On October 28, an additional three of the four clinics that provided abortion care before the Dobbs decision started booking appointments again. Before, it was just the lone clinic in Tucson, which resumed services in late August. Keeping the other clinics open and staffed during a time when the organization couldn’t offer job security due to the quickly changing legal landscape would have been a logistical nightmare, according to Gibson.
With the political climate in the state, there are no guarantees for staff or patients on how long abortion care will stay legal. “How do you function like that?

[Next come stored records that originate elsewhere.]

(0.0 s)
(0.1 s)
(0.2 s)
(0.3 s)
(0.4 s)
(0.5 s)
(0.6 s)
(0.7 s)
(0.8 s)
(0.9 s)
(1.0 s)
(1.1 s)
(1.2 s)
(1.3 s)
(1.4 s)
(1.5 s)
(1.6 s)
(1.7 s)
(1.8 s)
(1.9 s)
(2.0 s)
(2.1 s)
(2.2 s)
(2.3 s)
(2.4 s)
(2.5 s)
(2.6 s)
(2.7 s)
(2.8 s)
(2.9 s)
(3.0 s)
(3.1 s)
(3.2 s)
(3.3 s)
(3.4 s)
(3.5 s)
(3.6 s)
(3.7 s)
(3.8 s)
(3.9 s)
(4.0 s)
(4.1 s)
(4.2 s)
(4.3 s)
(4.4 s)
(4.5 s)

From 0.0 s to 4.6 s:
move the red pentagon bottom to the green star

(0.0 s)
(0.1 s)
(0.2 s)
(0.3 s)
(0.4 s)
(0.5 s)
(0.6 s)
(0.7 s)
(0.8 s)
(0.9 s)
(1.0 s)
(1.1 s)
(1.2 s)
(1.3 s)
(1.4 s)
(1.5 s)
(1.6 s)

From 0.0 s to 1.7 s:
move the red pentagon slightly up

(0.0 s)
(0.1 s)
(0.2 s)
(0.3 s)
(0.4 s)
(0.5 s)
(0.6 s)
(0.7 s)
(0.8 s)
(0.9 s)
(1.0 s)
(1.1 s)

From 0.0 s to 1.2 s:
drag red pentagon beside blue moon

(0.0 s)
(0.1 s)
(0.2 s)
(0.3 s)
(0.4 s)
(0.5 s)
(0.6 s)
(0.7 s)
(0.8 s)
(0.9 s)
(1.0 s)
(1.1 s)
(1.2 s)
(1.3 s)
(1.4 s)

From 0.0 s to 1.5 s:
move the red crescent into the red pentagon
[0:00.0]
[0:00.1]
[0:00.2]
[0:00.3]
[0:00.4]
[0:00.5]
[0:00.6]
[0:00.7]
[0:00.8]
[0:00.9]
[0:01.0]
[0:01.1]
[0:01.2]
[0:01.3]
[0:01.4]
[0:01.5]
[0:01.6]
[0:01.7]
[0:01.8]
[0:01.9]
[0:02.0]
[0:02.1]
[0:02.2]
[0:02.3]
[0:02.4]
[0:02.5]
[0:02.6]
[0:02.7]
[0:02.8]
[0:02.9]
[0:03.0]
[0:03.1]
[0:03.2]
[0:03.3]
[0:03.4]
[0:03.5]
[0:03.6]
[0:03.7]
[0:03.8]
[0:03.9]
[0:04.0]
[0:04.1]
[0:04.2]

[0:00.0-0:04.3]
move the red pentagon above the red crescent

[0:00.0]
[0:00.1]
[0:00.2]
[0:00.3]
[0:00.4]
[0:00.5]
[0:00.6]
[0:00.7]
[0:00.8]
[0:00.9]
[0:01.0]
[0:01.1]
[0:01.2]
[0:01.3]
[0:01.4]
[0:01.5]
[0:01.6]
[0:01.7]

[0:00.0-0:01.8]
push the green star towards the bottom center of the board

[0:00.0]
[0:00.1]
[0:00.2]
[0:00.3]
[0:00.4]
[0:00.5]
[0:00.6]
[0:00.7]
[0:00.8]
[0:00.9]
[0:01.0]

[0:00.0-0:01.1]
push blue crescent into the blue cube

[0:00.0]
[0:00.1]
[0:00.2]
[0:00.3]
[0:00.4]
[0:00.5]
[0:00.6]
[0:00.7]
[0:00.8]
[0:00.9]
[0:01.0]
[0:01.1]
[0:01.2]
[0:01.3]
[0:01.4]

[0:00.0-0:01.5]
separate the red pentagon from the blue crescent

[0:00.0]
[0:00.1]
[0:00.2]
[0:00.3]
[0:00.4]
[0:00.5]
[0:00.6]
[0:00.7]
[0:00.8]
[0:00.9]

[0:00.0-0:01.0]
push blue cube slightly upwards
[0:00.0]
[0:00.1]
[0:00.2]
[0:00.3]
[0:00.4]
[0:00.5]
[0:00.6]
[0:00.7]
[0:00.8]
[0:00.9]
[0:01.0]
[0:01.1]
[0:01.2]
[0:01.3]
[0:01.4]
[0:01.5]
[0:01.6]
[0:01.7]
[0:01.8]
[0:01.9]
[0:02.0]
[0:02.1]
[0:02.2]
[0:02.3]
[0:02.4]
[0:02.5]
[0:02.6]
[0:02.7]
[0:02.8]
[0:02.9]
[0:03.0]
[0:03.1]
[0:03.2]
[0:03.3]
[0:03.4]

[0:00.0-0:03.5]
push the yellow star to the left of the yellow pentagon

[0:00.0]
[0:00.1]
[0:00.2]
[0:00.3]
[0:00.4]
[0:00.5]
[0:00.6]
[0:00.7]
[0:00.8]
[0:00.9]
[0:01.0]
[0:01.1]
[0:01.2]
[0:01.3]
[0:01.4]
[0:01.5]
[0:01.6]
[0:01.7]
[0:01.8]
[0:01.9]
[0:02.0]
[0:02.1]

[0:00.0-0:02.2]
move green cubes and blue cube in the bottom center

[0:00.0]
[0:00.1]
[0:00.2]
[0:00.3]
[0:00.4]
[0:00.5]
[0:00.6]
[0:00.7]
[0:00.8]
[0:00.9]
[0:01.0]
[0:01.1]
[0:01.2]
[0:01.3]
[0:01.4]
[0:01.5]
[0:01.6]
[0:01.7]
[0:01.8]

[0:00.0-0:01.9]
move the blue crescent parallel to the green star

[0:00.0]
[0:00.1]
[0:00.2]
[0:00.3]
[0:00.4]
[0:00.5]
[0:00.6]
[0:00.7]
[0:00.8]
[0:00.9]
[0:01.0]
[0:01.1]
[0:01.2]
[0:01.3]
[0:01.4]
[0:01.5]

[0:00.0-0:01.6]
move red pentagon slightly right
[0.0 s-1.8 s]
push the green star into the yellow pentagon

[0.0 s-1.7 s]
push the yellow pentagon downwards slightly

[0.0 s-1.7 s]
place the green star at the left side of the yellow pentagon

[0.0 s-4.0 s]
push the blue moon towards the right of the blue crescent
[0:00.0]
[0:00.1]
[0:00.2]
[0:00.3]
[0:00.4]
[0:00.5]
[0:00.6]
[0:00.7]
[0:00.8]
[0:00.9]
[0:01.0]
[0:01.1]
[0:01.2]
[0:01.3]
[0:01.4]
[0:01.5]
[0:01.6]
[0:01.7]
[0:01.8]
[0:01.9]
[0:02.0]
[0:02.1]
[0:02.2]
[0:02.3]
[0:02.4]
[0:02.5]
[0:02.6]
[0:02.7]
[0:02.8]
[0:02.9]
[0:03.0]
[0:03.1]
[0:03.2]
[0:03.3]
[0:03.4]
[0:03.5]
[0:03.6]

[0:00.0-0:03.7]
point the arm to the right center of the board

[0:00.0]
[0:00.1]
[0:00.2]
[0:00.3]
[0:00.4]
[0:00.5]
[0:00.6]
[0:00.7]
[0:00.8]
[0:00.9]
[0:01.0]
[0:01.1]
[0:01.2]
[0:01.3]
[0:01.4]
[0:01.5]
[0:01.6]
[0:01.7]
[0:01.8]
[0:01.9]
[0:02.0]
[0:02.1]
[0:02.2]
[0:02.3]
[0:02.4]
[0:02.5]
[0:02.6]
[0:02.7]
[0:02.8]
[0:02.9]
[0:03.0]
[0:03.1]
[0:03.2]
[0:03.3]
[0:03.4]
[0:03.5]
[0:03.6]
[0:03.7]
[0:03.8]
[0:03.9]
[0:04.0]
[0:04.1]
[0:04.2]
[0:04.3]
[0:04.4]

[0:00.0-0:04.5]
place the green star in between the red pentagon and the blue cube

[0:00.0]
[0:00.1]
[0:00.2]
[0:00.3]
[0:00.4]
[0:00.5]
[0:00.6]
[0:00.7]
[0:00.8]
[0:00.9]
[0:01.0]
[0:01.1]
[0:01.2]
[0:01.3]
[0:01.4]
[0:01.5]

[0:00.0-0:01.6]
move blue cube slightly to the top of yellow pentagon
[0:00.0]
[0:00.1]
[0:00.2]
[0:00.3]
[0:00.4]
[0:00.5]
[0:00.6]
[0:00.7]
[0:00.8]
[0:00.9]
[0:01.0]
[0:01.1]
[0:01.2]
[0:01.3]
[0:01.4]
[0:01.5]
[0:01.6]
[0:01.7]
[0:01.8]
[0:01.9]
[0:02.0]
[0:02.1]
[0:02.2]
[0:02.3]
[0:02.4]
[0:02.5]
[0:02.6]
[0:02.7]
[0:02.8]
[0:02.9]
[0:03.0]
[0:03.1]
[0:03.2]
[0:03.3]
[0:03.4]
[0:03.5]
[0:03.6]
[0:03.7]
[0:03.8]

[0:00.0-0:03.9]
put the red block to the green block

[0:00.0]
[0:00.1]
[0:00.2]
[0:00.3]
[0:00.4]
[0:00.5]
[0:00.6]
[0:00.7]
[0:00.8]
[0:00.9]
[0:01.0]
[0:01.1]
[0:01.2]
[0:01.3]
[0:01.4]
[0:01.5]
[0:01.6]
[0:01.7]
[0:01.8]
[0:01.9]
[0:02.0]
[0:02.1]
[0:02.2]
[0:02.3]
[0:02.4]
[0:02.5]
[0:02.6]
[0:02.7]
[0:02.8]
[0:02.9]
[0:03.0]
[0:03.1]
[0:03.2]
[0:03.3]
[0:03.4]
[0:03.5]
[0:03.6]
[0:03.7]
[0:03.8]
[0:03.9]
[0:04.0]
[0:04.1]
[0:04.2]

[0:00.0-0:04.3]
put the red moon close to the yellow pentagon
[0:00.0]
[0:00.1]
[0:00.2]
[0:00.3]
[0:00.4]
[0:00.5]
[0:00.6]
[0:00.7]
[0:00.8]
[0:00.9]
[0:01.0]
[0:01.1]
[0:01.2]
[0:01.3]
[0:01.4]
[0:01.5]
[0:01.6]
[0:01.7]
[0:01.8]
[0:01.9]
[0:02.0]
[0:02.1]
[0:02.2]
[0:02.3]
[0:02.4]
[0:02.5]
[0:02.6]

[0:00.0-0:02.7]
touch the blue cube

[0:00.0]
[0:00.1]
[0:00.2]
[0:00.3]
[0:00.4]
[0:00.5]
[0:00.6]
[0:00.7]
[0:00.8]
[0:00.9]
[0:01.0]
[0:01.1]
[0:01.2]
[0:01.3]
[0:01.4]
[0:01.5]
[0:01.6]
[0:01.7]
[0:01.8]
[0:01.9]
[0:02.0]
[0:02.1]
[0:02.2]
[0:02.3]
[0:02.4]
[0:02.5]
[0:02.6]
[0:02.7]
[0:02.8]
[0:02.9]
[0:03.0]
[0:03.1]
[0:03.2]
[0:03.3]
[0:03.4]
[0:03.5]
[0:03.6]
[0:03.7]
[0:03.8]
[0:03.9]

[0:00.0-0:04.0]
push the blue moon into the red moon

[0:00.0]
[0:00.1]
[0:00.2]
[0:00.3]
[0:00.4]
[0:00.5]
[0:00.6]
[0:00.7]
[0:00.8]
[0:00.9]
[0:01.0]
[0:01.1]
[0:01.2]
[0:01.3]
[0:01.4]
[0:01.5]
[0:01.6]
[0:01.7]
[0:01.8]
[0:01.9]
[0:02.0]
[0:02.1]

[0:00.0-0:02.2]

It’s an impossible ask,” Gibson said.
Some providers have left the clinic, including a staff physician who took a job in New York and three staff nurses who left for more abortion friendly states or different jobs altogether, she said. This cut the clinic’s staff by 50%. Gibson decided she wants to continue fighting on behalf of her employees, the community and her daughters.
“I look at my girls, and I am re-incentivized to continue to do the work for them,” she said. Since she is raising them in Arizona, she said it has “really stiffened my resolve and my determination to stay in this community, and to fight this fight until we secure equitable access to abortion to the members of this state.”
Finding hope
As the last of the day’s patients finished their appointments and left the clinic Friday afternoon, Gibson and a handful of nurses gather in the back room where abortion patients usually wait for medical instruction, practicing a TikTok dance together.
“I challenged my whole organization to a dance competition,” Jones, the 25-year-old registered nurse, said while sitting at her desk. “These last couple months have been hard for everybody.”
“We wanted to kind of take a break from that and just be fun and goofy and like, remember, like, we can laugh through the pain,” she said.
Giggles emanate from the back room as the women swing their hips and flip their hair back, trying to master the movements.
“Hope is not necessarily a feeling,” Gibson said, echoing something she says Planned Parenthood Arizona chief Fonteno once told her. “Hope is a practice, and it’s something that you can cultivate.”
“What I have come to recognize is that this is a very long term project,” she continued. “But I am committed to it because I know it’s so important, and I know it’s so important because I’ve sat and listened to all the reasons that my patients need it.”
“These challenges are here and they’re real. But I can overcome them.”